* **Problem requirements**
Write the following entries out again exactly, skipping each image.

---------- Information given

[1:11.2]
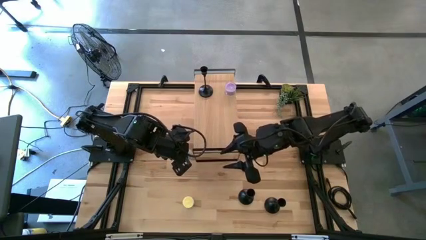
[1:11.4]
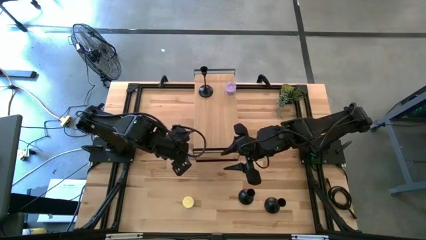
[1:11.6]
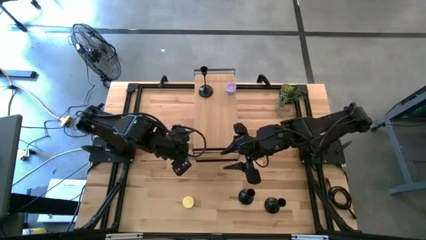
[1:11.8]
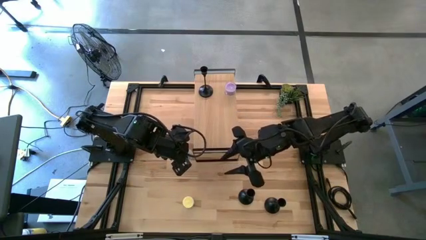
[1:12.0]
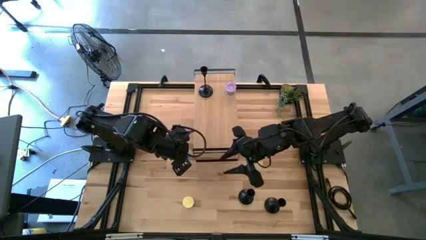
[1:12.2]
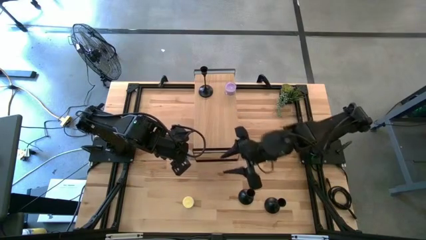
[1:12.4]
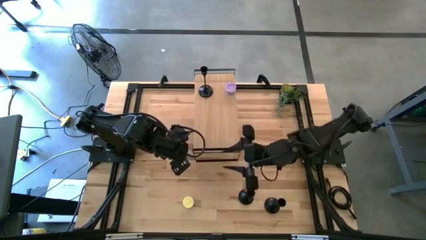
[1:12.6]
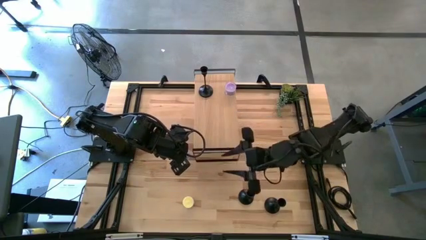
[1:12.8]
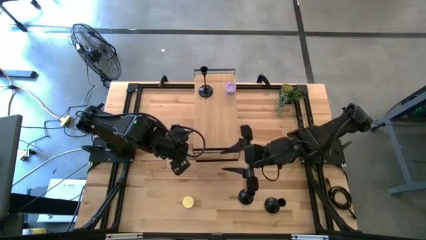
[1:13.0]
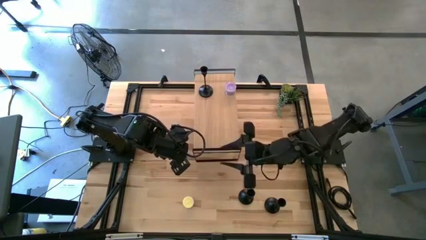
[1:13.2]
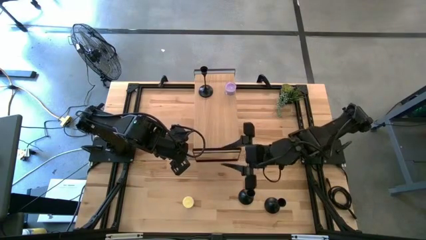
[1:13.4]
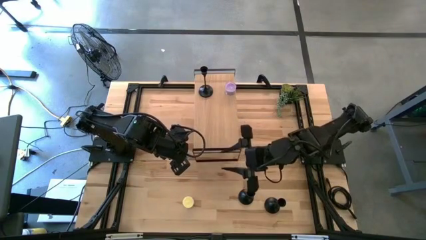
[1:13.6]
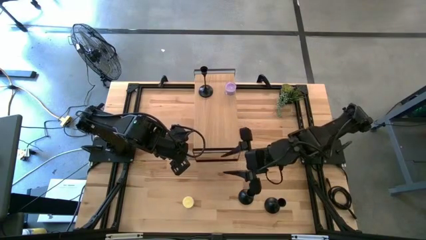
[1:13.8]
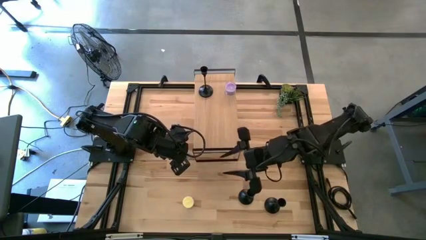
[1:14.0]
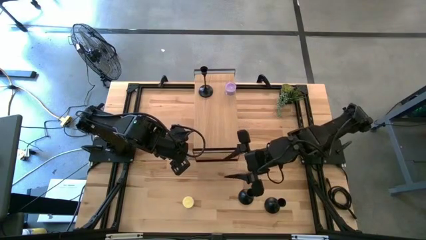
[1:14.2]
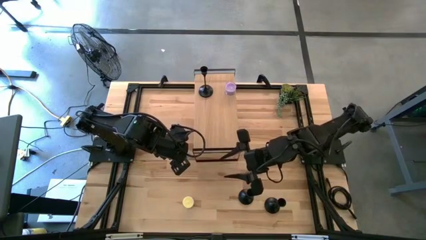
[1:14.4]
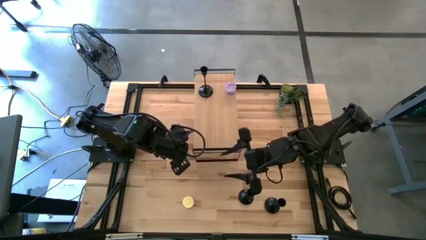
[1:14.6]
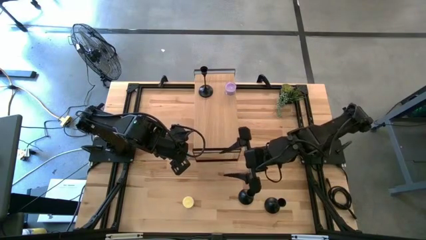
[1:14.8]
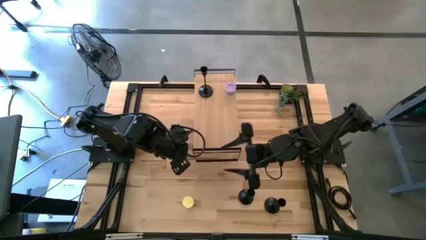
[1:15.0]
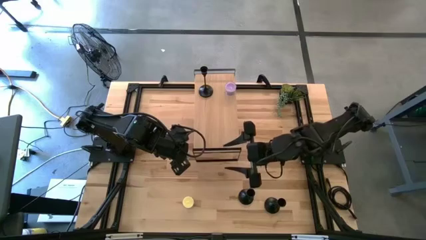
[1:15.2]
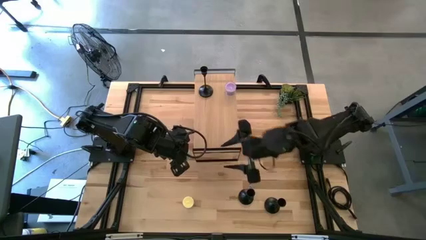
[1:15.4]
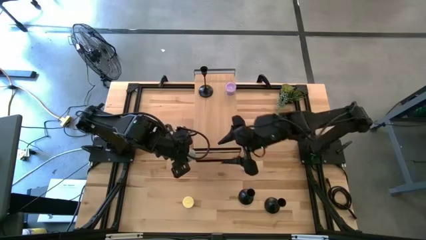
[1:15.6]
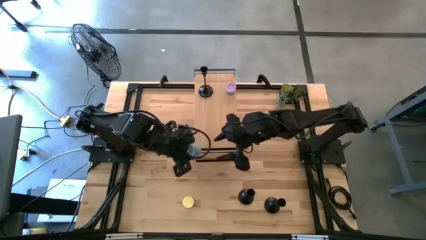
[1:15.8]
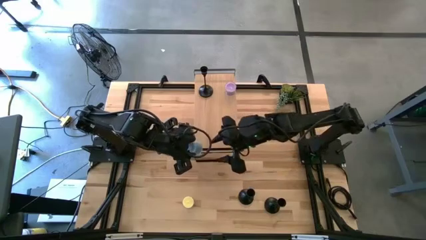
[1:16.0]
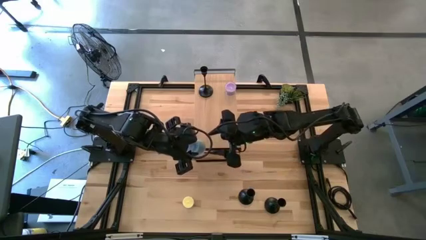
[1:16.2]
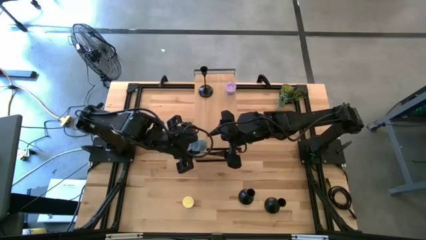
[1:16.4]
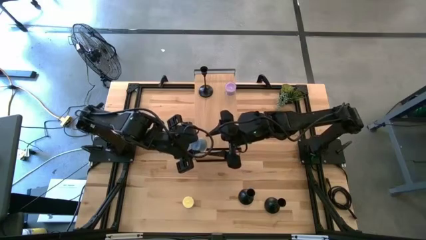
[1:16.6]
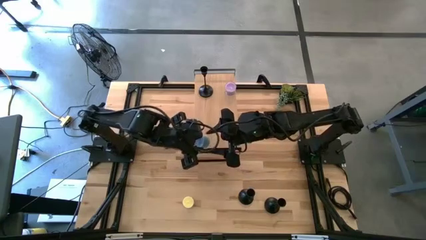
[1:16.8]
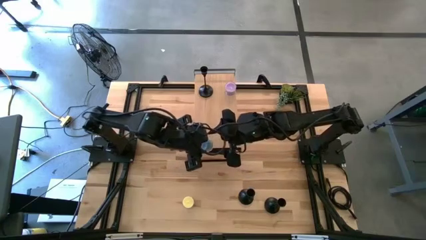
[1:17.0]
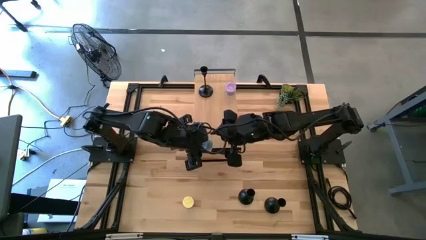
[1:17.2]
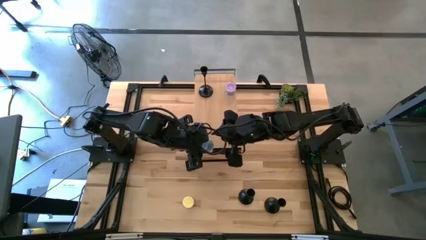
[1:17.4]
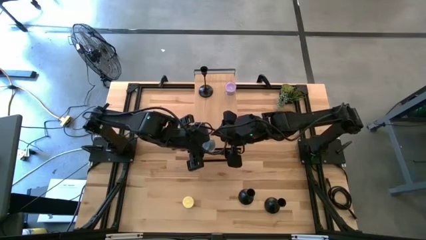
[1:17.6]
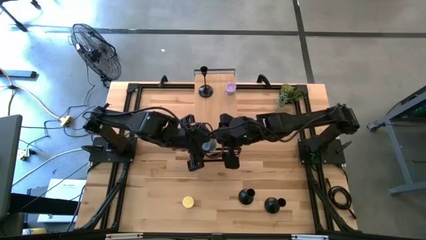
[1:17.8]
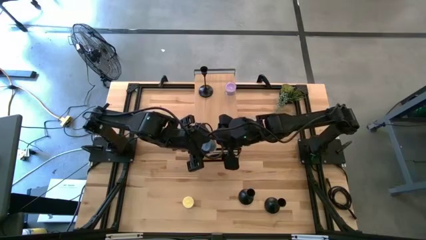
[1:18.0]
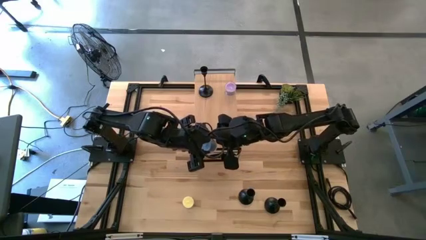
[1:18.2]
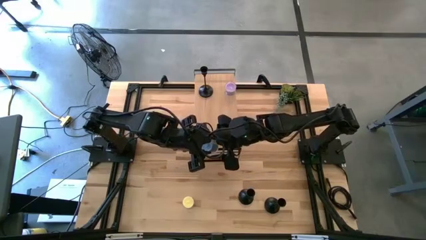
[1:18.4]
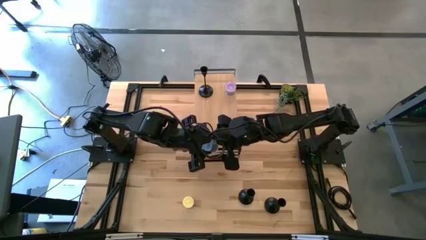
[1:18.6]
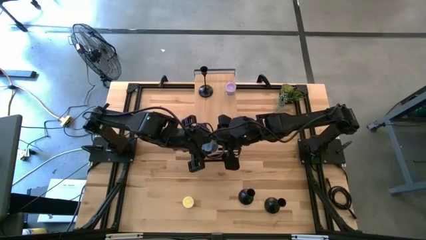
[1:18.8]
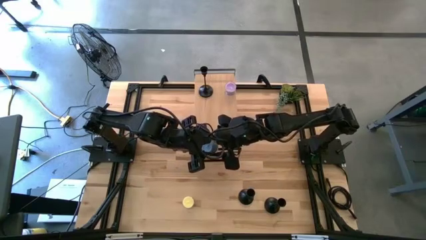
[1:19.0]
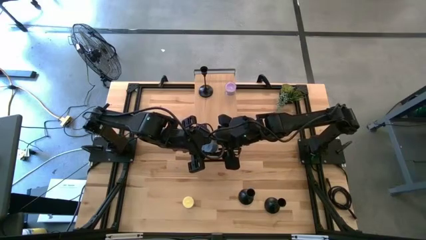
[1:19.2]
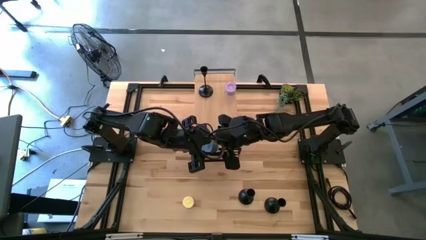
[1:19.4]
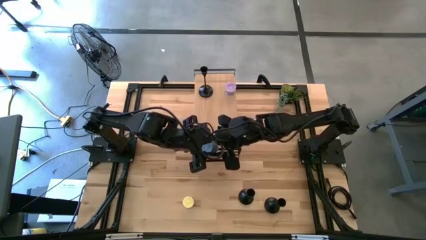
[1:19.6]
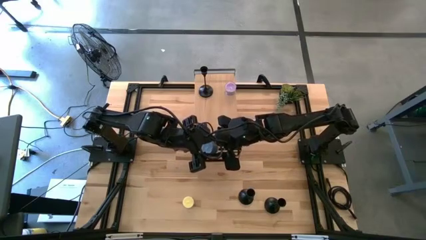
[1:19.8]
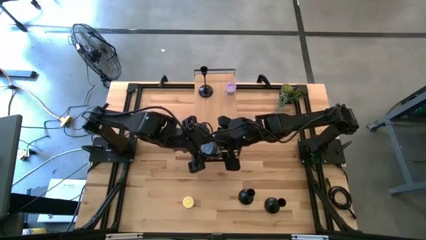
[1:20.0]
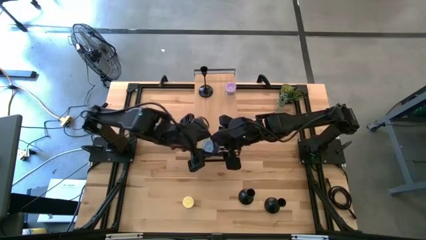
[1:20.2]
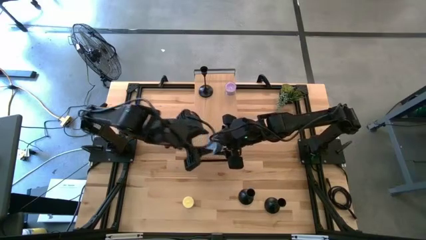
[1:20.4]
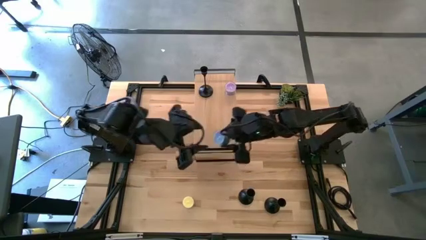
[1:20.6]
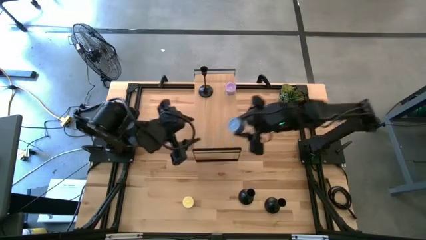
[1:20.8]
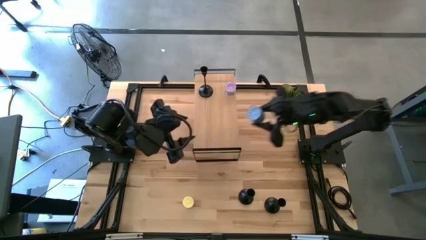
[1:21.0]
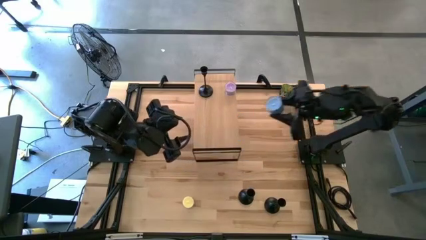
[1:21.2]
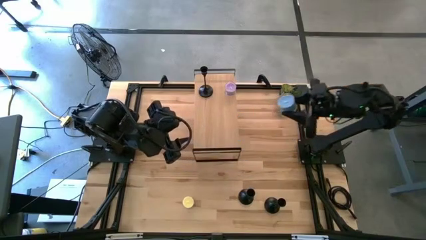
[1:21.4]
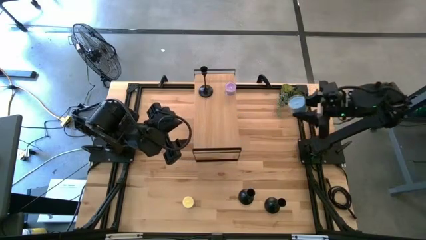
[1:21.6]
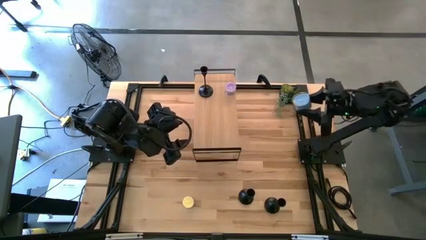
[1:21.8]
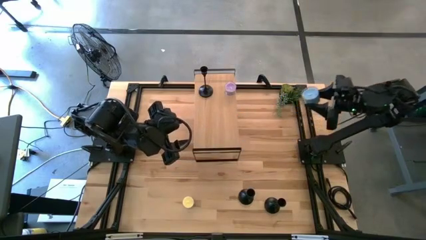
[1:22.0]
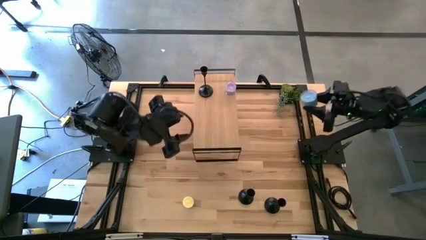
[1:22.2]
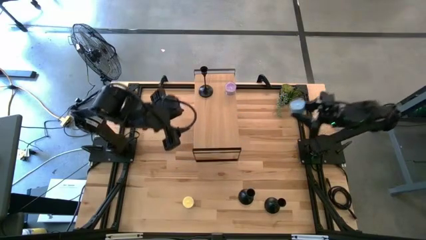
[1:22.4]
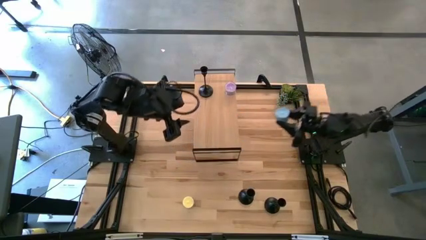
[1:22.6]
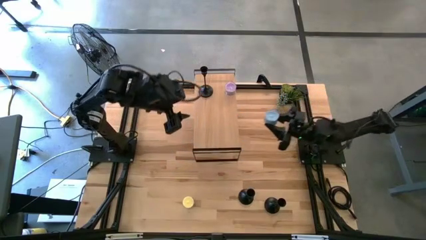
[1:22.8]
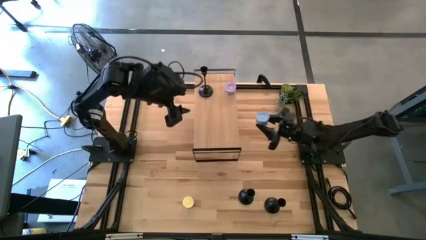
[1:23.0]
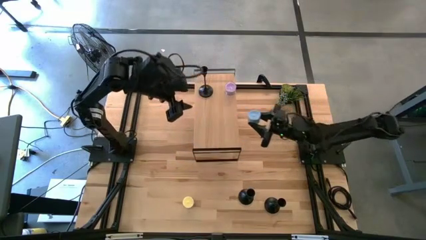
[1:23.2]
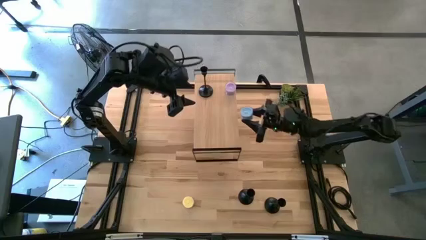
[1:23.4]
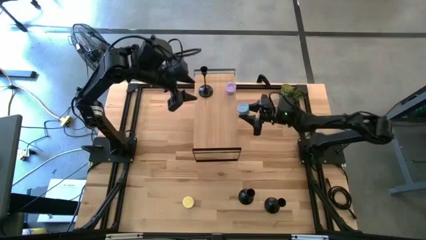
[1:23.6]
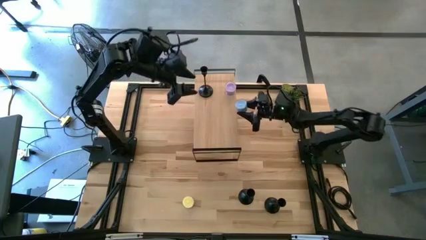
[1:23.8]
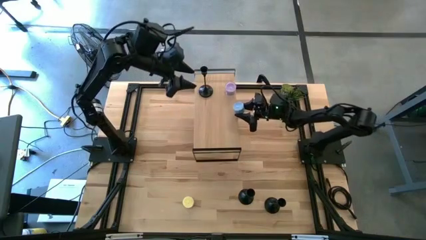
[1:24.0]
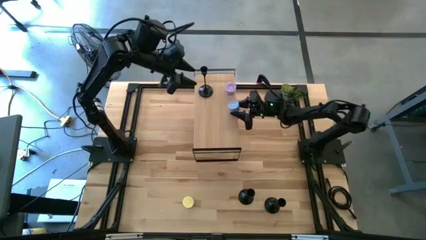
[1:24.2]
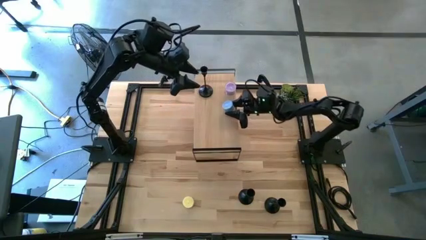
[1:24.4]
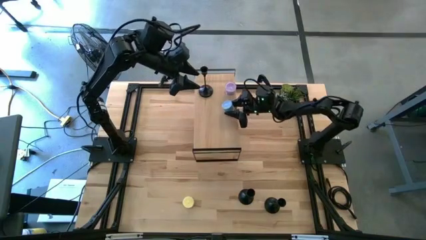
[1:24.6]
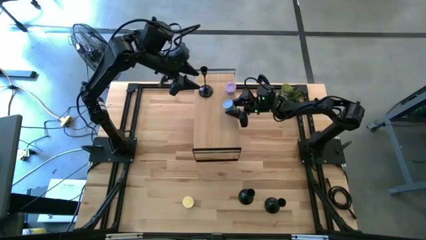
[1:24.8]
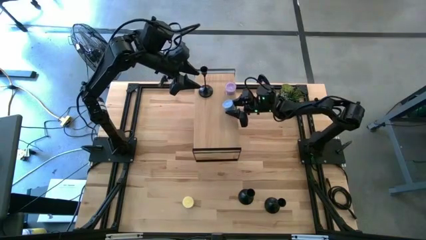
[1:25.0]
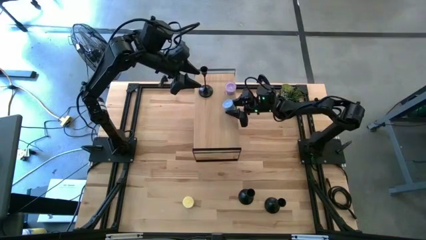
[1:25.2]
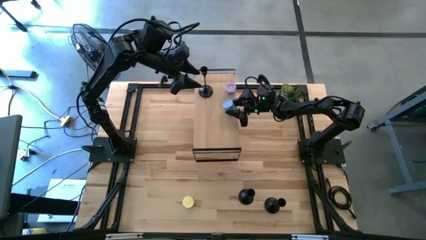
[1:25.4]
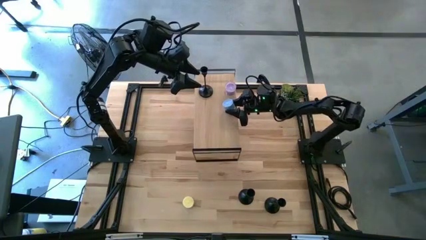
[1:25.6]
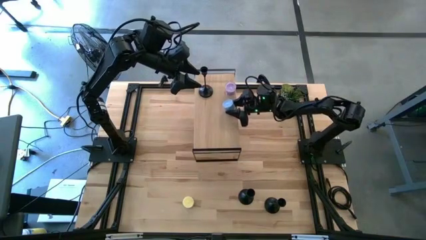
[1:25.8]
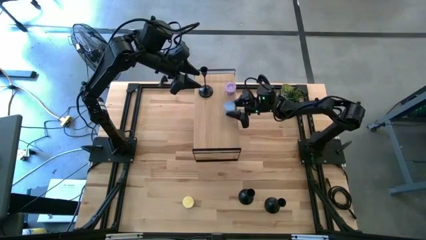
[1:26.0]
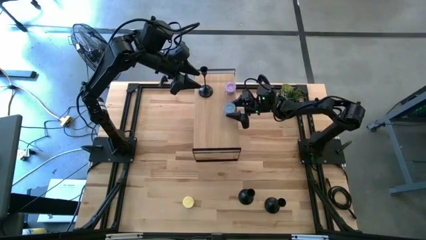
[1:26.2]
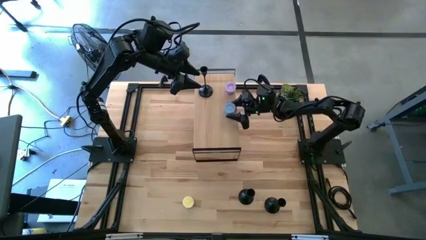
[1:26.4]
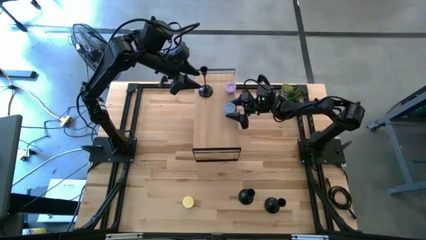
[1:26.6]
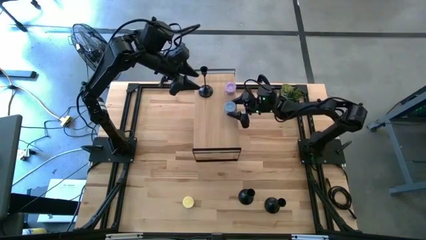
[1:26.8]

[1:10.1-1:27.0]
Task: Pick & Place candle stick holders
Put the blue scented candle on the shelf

--------------------

* **Written reply**
[1:11.2]
[1:11.4]
[1:11.6]
[1:11.8]
[1:12.0]
[1:12.2]
[1:12.4]
[1:12.6]
[1:12.8]
[1:13.0]
[1:13.2]
[1:13.4]
[1:13.6]
[1:13.8]
[1:14.0]
[1:14.2]
[1:14.4]
[1:14.6]
[1:14.8]
[1:15.0]
[1:15.2]
[1:15.4]
[1:15.6]
[1:15.8]
[1:16.0]
[1:16.2]
[1:16.4]
[1:16.6]
[1:16.8]
[1:17.0]
[1:17.2]
[1:17.4]
[1:17.6]
[1:17.8]
[1:18.0]
[1:18.2]
[1:18.4]
[1:18.6]
[1:18.8]
[1:19.0]
[1:19.2]
[1:19.4]
[1:19.6]
[1:19.8]
[1:20.0]
[1:20.2]
[1:20.4]
[1:20.6]
[1:20.8]
[1:21.0]
[1:21.2]
[1:21.4]
[1:21.6]
[1:21.8]
[1:22.0]
[1:22.2]
[1:22.4]
[1:22.6]
[1:22.8]
[1:23.0]
[1:23.2]
[1:23.4]
[1:23.6]
[1:23.8]
[1:24.0]
[1:24.2]
[1:24.4]
[1:24.6]
[1:24.8]
[1:25.0]
[1:25.2]
[1:25.4]
[1:25.6]
[1:25.8]
[1:26.0]
[1:26.2]
[1:26.4]
[1:26.6]
[1:26.8]

[1:10.1-1:27.0]
Task: Pick & Place candle stick holders
Put the blue scented candle on the shelf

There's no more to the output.